Using iOS push notifications to provide "push this page to your iPhone" - simonw
http://lanyrd.com/blog/2012/push-to-iphone/

======
simonw
I haven't seen any other apps using push notifications in this way - Tom Insam
came up with the idea based on our iOS app's extensive internal use of URLs.

The implementation is pretty simple - when a user enables push notifications
in their install of the Lanyrd iOS app we pass that token back to our server
(we actually pass the token back with every future API request as a custom
HTTP header, over SSL). The server records both the push token, the logged in
user and the user agent string sent by the app.

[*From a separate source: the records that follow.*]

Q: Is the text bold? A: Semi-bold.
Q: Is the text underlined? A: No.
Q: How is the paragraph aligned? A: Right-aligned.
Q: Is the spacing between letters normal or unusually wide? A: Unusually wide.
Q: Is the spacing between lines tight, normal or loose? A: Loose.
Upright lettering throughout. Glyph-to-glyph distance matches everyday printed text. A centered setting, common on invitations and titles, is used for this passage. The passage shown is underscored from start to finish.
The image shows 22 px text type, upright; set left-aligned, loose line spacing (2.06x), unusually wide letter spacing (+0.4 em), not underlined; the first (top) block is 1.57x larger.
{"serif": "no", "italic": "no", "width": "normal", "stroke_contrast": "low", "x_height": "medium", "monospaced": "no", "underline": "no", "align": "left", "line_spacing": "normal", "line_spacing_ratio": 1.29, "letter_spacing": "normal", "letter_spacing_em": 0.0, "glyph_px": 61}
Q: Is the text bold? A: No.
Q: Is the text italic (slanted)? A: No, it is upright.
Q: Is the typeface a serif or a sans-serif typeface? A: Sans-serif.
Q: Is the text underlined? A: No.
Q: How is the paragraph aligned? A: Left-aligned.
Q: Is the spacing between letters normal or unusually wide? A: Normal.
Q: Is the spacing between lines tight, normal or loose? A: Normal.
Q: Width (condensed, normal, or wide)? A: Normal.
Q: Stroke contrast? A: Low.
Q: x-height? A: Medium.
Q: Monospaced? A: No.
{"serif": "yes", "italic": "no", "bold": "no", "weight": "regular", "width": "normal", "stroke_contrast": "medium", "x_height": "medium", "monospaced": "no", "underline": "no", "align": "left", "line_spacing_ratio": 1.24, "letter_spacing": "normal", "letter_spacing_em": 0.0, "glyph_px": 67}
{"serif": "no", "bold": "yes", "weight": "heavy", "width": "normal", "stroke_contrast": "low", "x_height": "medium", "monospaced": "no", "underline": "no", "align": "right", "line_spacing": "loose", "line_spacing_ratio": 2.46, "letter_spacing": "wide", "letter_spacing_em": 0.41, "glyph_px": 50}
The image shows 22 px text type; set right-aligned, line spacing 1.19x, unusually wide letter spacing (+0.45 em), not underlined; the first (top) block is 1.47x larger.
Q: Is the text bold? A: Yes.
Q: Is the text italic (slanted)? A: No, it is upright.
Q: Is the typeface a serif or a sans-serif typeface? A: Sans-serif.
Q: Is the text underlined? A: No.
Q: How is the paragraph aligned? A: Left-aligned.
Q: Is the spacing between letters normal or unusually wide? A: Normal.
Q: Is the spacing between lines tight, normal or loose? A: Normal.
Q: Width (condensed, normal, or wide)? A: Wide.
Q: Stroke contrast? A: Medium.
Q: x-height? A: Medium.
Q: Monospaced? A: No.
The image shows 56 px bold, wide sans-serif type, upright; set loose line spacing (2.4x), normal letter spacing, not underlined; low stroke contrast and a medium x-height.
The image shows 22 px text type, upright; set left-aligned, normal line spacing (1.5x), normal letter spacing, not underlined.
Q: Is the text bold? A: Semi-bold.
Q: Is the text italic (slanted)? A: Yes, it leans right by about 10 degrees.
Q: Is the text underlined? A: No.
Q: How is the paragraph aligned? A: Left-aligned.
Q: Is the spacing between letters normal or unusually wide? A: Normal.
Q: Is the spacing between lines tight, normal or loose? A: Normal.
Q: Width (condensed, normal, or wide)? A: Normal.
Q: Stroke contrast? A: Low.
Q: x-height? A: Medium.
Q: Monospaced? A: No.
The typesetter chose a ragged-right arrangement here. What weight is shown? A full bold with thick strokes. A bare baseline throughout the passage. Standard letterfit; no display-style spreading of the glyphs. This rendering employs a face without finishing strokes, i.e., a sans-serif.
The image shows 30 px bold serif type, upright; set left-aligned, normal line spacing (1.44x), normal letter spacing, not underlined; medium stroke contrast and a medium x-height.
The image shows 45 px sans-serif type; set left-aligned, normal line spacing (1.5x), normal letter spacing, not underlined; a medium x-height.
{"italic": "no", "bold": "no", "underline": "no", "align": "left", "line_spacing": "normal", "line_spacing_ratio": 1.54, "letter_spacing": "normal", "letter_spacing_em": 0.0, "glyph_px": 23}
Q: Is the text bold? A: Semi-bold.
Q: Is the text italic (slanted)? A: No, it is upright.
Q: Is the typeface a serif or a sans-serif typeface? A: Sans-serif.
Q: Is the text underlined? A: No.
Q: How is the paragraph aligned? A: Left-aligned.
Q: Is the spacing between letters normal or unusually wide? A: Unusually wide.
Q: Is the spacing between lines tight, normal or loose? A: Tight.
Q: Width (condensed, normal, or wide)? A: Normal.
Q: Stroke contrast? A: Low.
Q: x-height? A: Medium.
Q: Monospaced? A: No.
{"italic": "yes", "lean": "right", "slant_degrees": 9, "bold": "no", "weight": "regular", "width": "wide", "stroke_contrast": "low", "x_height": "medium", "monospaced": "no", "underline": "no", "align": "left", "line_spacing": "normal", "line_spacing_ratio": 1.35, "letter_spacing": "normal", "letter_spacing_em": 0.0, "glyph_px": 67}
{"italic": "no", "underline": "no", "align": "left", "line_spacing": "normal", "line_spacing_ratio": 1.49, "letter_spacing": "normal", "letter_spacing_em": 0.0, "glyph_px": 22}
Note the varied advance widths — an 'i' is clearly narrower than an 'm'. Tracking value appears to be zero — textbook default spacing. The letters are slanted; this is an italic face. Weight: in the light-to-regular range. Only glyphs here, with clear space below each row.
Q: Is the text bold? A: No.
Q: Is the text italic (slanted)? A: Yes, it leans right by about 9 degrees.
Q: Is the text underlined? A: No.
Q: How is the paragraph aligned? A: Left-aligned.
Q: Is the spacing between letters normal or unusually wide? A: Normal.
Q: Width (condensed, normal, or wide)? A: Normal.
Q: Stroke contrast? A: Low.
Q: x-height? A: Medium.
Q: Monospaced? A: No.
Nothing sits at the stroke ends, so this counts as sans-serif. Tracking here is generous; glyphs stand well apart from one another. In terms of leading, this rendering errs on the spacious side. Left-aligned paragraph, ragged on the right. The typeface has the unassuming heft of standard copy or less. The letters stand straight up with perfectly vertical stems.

When a logged in user views an event page on <http://lanyrd.com/> (e.g.
<http://lanyrd.com/2012/oscon/> ) we check to see if they have any push tokens
associated with their account. If they do, we show them a "Push to your
iPhone" button - but we vary the copy and the icon depending on their user
agent string, so if they're running an iPad the button says "Push to your
iPad" instead, with a wider icon.

When they push the button, we send a custom URL to our app in a standard push
notification, along with a command to store the corresponding event in our
app's offline cache.

If the user has the Lanyrd app open, the event page is displayed instantly -
which is a pretty cool effect (click a button on a web page on your laptop,
watch the app on your phone instantly update). If they don't have the app open
they get a standard notification prompt which, when activated, will launch the
app and send it to the corresponding event page.